**Work order:** Nothing but a verbatim copy of the data, minus the images, should be returned.
::::
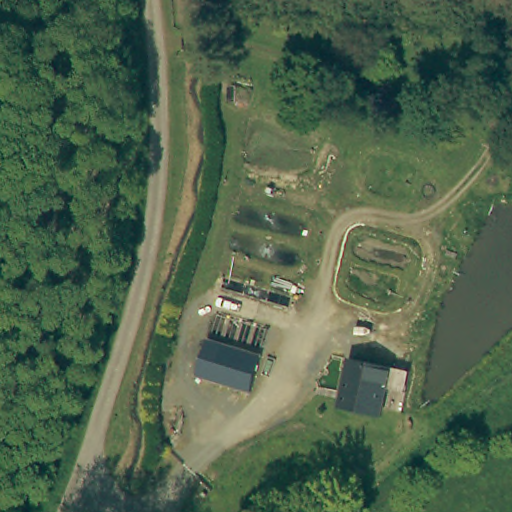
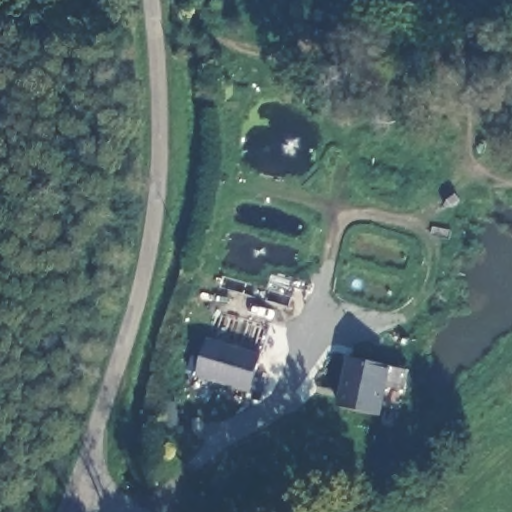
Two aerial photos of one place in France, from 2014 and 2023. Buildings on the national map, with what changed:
unchanged [(194,374),(199,340),(256,349),(250,383),(194,374)]
unchanged [(392,367),(409,371),(406,393),(388,391),(382,417),(339,408),(349,360),(392,367)]

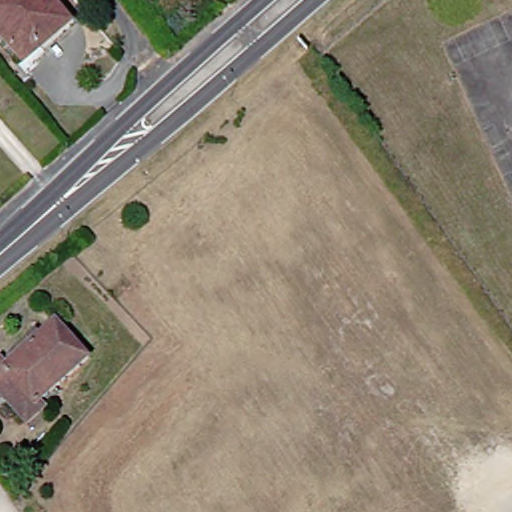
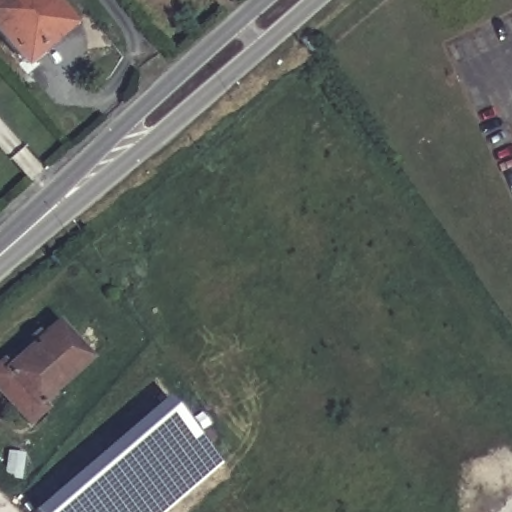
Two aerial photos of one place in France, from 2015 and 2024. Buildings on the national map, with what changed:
unchanged [(40,59),(35,54),(18,68),(0,47),(0,0),(38,0),(63,29),(68,25),(73,30),(40,59)]
unchanged [(112,300),(108,295),(112,291),(120,299),(116,303),(112,300)]
unchanged [(88,359),(38,403),(33,408),(0,370),(0,369),(37,336),(55,321),(88,359)]
unchanged [(33,332),(37,336),(0,369),(0,362),(33,332)]
unchanged [(43,408),(25,424),(0,396),(0,370),(33,408),(38,403),(43,408)]
new [(161,512),(30,512),(163,398),(218,463),(161,512)]
::::
**Your solution:**
Two aerial photos of one place in France, from 2014 and 2023. Buildings on the national map, with what changed:
unchanged [(194,374),(199,340),(256,349),(250,383),(194,374)]
unchanged [(392,367),(409,371),(406,393),(388,391),(382,417),(339,408),(349,360),(392,367)]

Two aerial photos of one place in France, from 2015 and 2024. Buildings on the national map, with what changed:
unchanged [(40,59),(35,54),(18,68),(0,47),(0,0),(38,0),(63,29),(68,25),(73,30),(40,59)]
unchanged [(112,300),(108,295),(112,291),(120,299),(116,303),(112,300)]
unchanged [(88,359),(38,403),(33,408),(0,370),(0,369),(37,336),(55,321),(88,359)]
unchanged [(33,332),(37,336),(0,369),(0,362),(33,332)]
unchanged [(43,408),(25,424),(0,396),(0,370),(33,408),(38,403),(43,408)]
new [(161,512),(30,512),(163,398),(218,463),(161,512)]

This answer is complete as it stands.